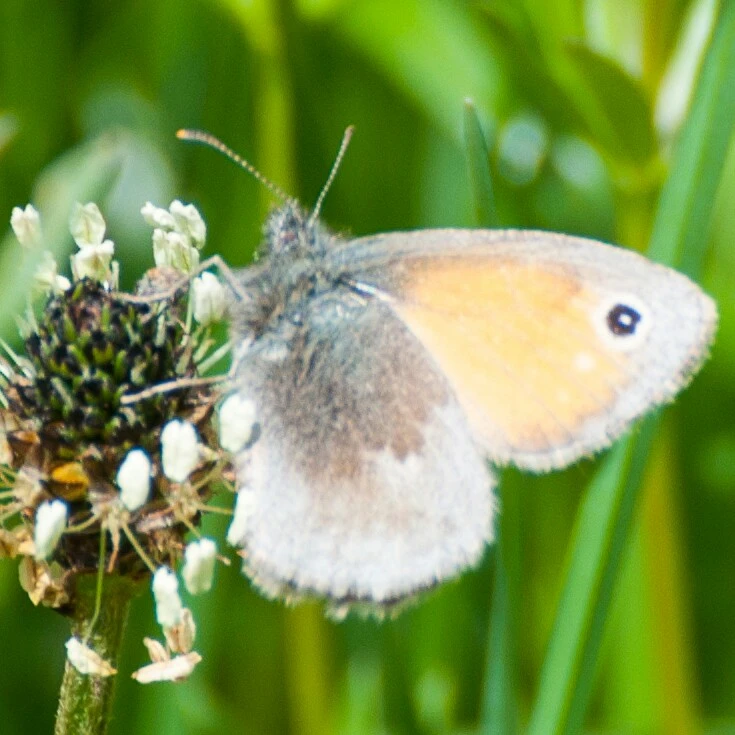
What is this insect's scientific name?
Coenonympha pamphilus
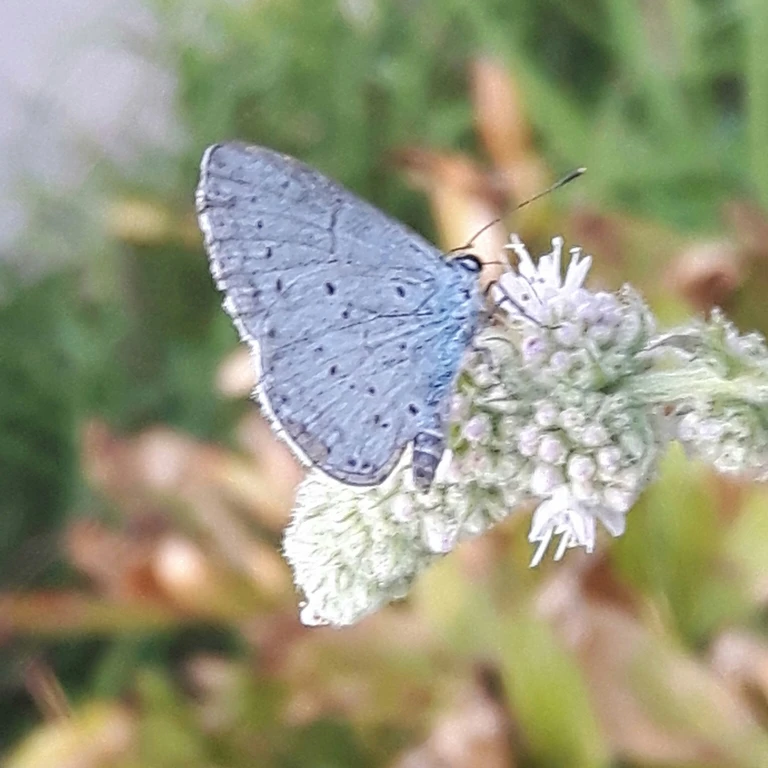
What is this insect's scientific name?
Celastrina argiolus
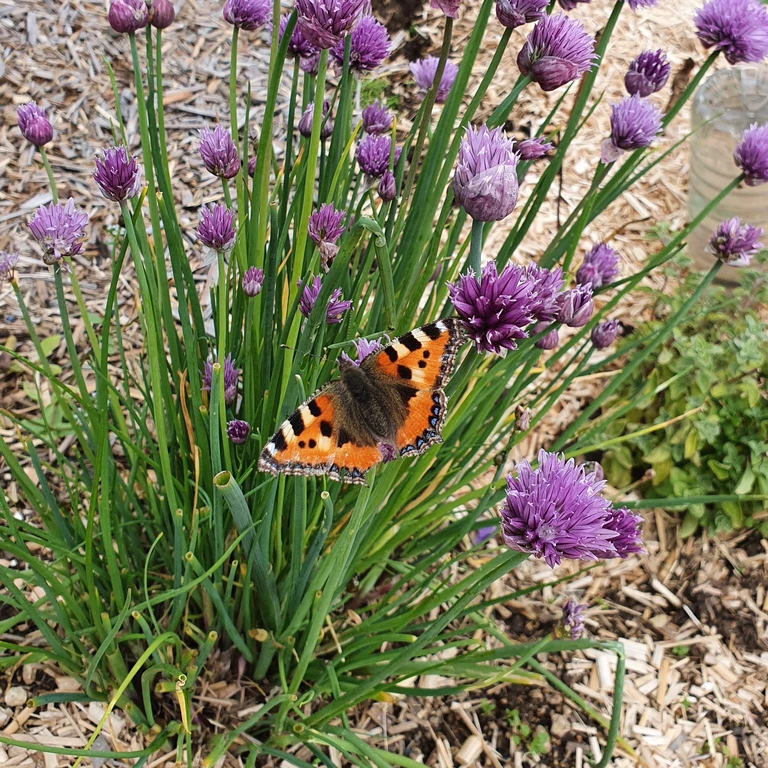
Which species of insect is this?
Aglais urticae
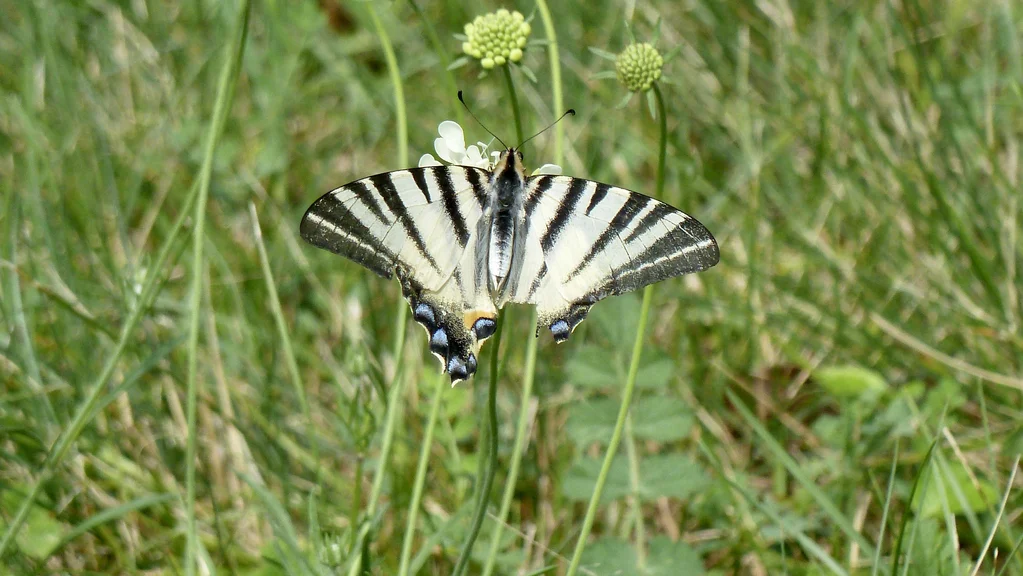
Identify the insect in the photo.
+===+
Task item:
Reproduce the entire listing exactly, except for any pictures it contains.

Response for this exercise:
What is this insect's scientific name?
Coenonympha pamphilus
What is this insect's scientific name?
Celastrina argiolus
Which species of insect is this?
Aglais urticae
Identify the insect in the photo.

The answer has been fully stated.